[Collection entries]
------------------------------------------------------------

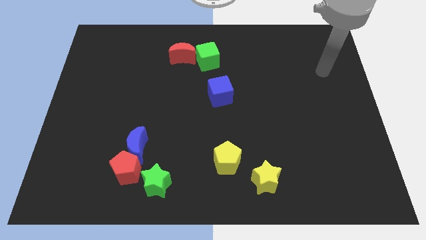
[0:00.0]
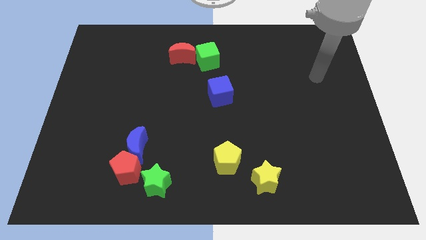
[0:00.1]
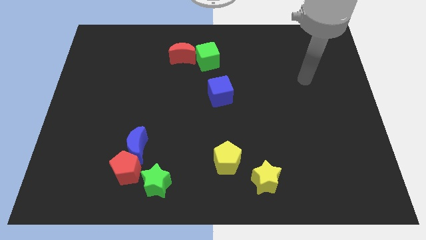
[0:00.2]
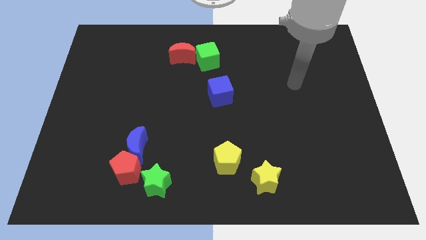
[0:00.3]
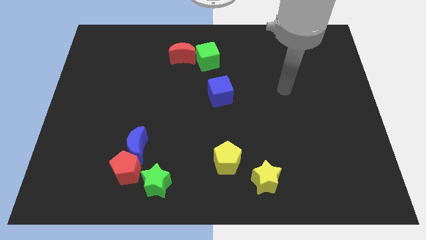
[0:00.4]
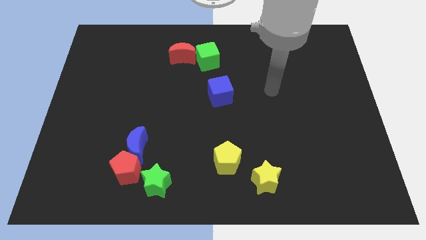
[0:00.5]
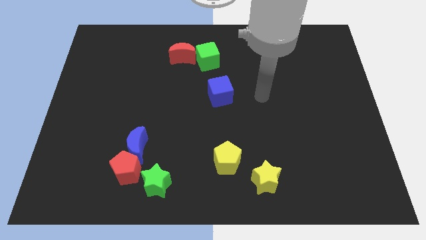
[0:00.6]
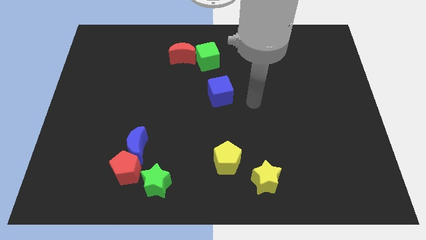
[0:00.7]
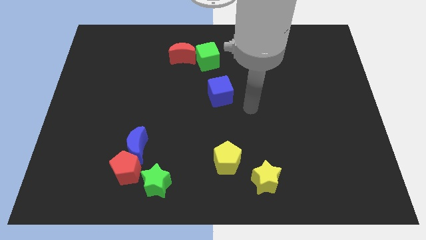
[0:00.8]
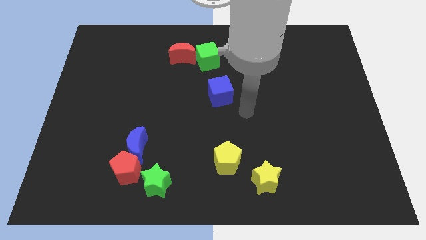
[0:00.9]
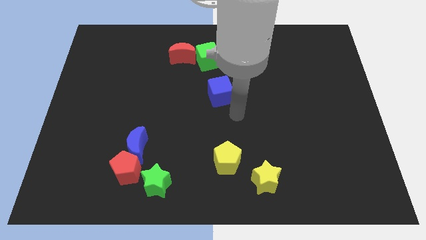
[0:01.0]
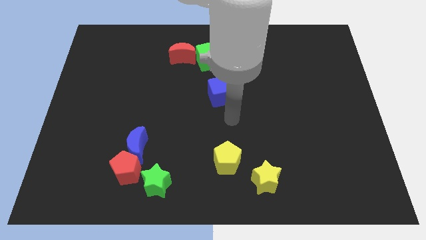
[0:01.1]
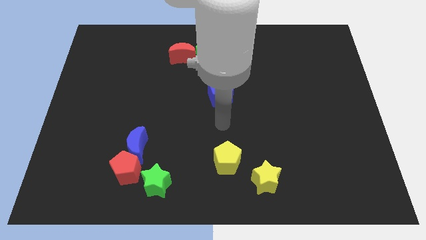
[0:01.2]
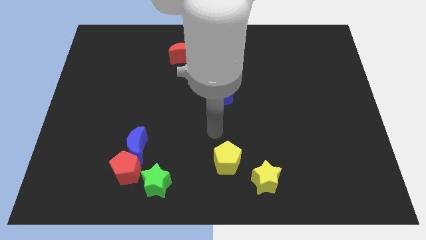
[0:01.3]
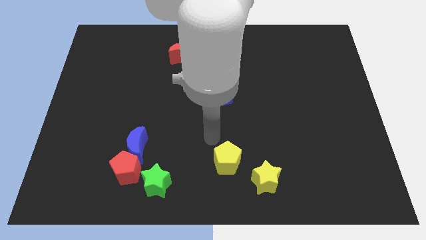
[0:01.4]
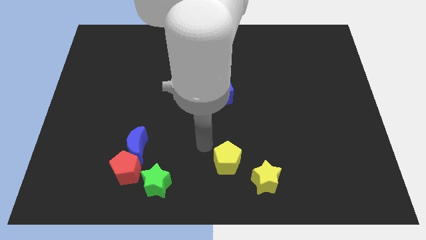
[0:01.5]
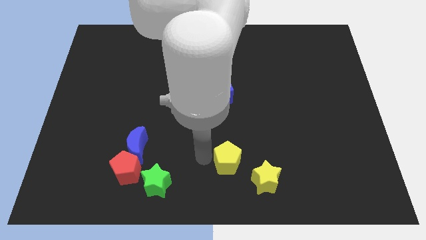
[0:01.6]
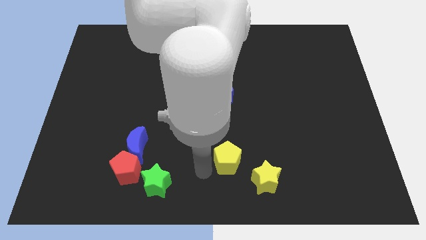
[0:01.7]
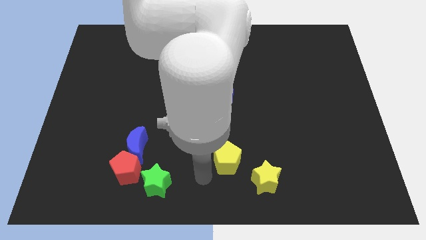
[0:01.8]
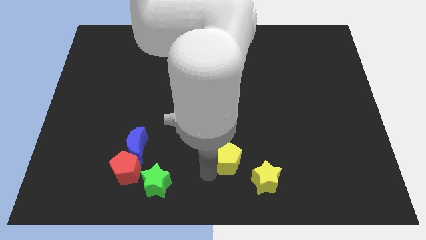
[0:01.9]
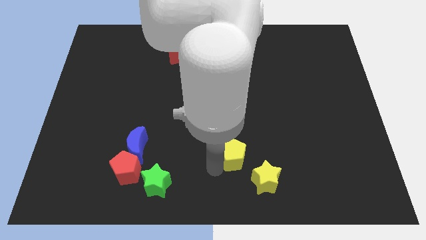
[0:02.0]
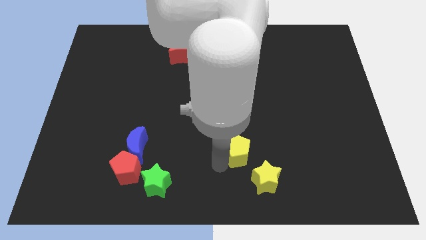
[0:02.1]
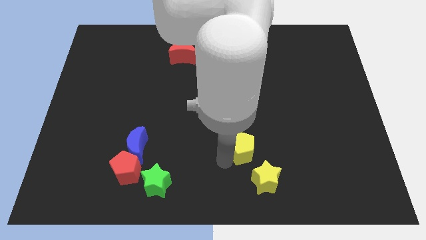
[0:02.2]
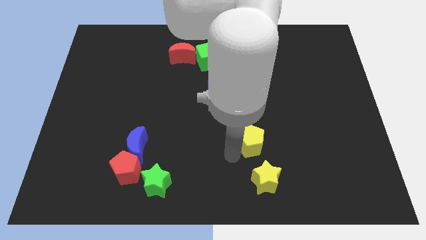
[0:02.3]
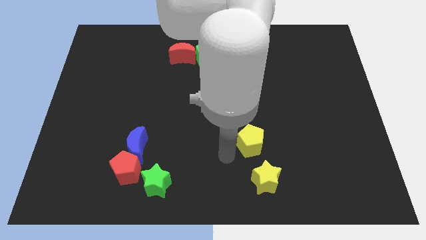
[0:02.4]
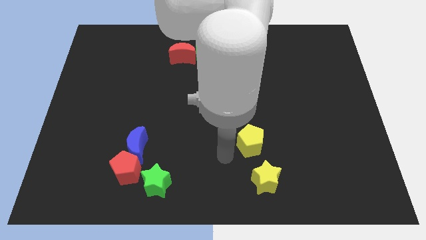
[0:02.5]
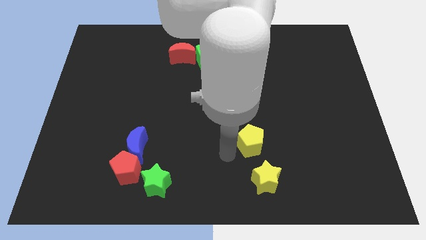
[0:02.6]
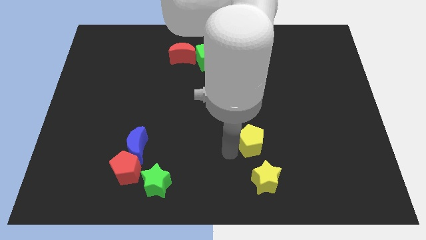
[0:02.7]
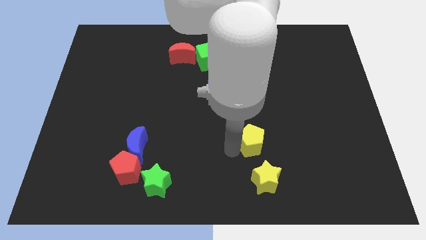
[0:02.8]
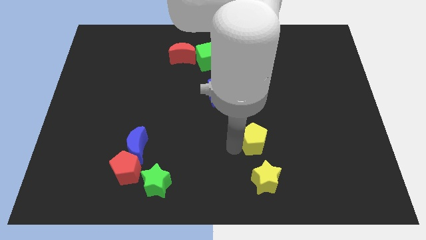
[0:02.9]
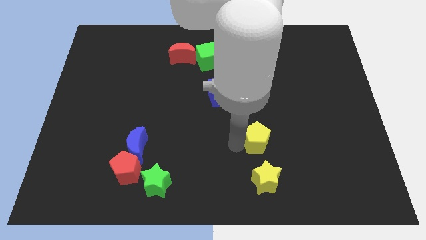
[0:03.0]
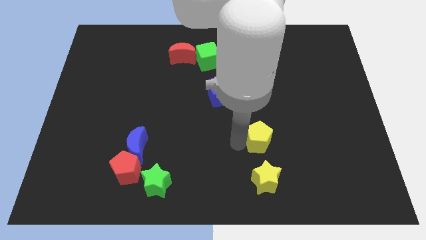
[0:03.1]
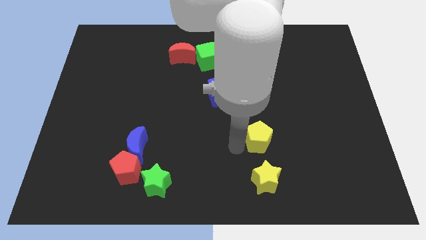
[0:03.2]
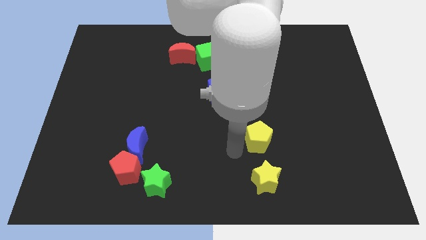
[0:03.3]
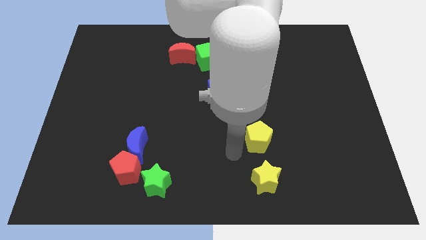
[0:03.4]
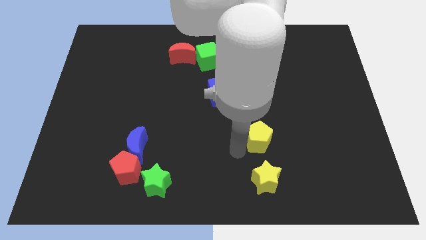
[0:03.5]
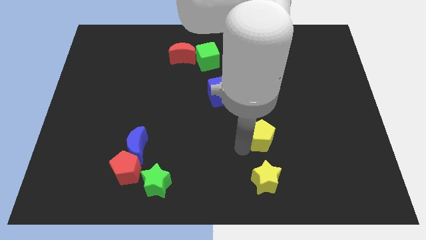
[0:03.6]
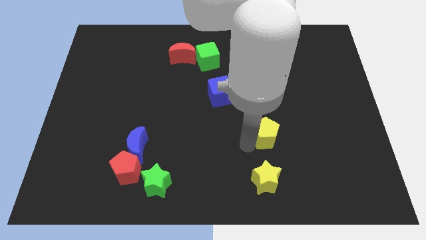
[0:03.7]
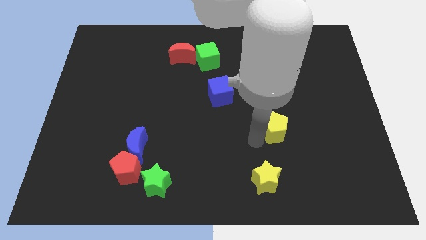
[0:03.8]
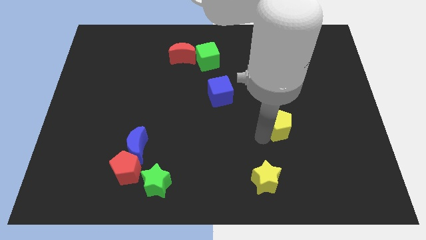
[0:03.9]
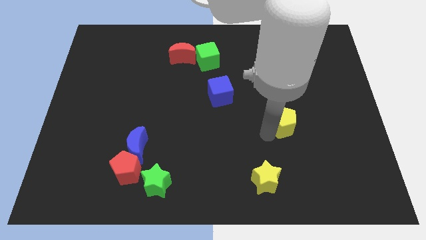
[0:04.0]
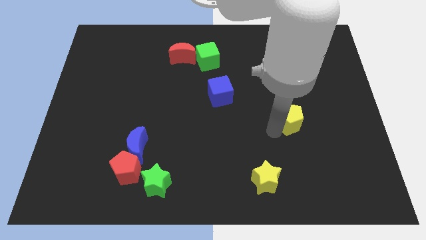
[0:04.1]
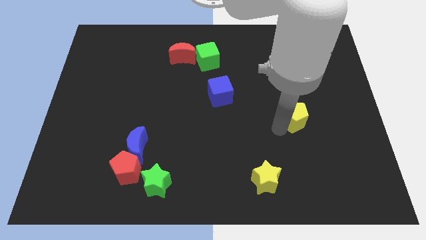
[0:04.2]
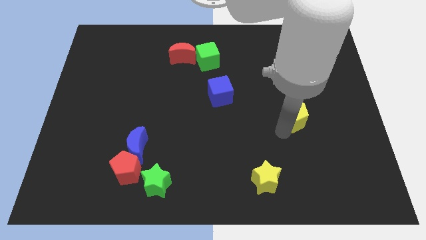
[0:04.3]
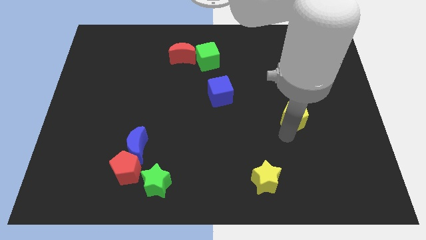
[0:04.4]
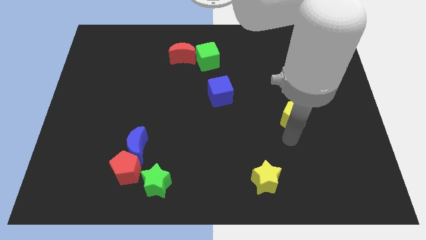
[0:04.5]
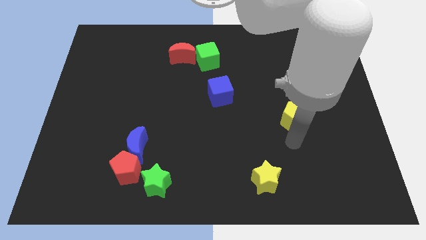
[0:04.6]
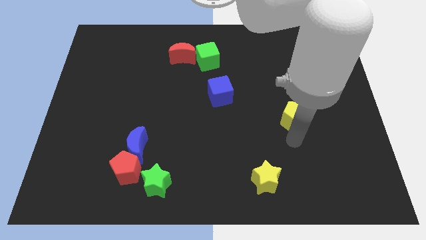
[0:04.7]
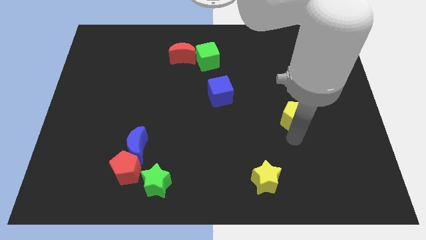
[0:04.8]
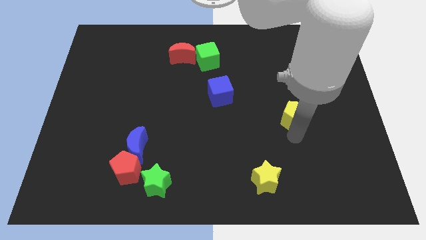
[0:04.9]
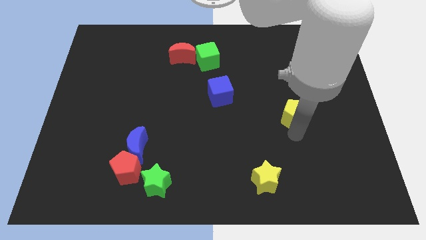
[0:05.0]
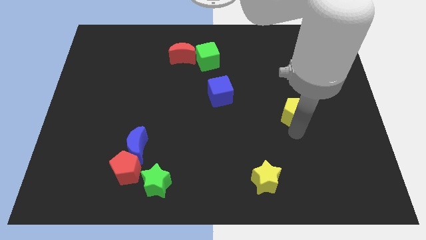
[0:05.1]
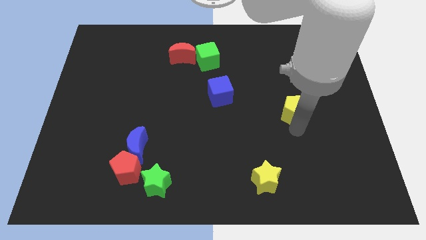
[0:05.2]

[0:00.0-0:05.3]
push the yellow pentagon up and then right

------------------------------------------------------------

__ABOUT THIS TASK__
What is needed is every entry written out word for word, with no pictures.

__PROBLEM SOLUTION__
[0:00.0]
[0:00.1]
[0:00.2]
[0:00.3]
[0:00.4]
[0:00.5]
[0:00.6]
[0:00.7]
[0:00.8]
[0:00.9]
[0:01.0]
[0:01.1]
[0:01.2]
[0:01.3]
[0:01.4]
[0:01.5]
[0:01.6]
[0:01.7]
[0:01.8]
[0:01.9]
[0:02.0]
[0:02.1]
[0:02.2]
[0:02.3]
[0:02.4]
[0:02.5]
[0:02.6]
[0:02.7]
[0:02.8]
[0:02.9]
[0:03.0]
[0:03.1]
[0:03.2]
[0:03.3]
[0:03.4]
[0:03.5]
[0:03.6]
[0:03.7]
[0:03.8]
[0:03.9]
[0:04.0]
[0:04.1]
[0:04.2]
[0:04.3]
[0:04.4]
[0:04.5]
[0:04.6]
[0:04.7]
[0:04.8]
[0:04.9]
[0:05.0]
[0:05.1]
[0:05.2]

[0:00.0-0:05.3]
push the yellow pentagon up and then right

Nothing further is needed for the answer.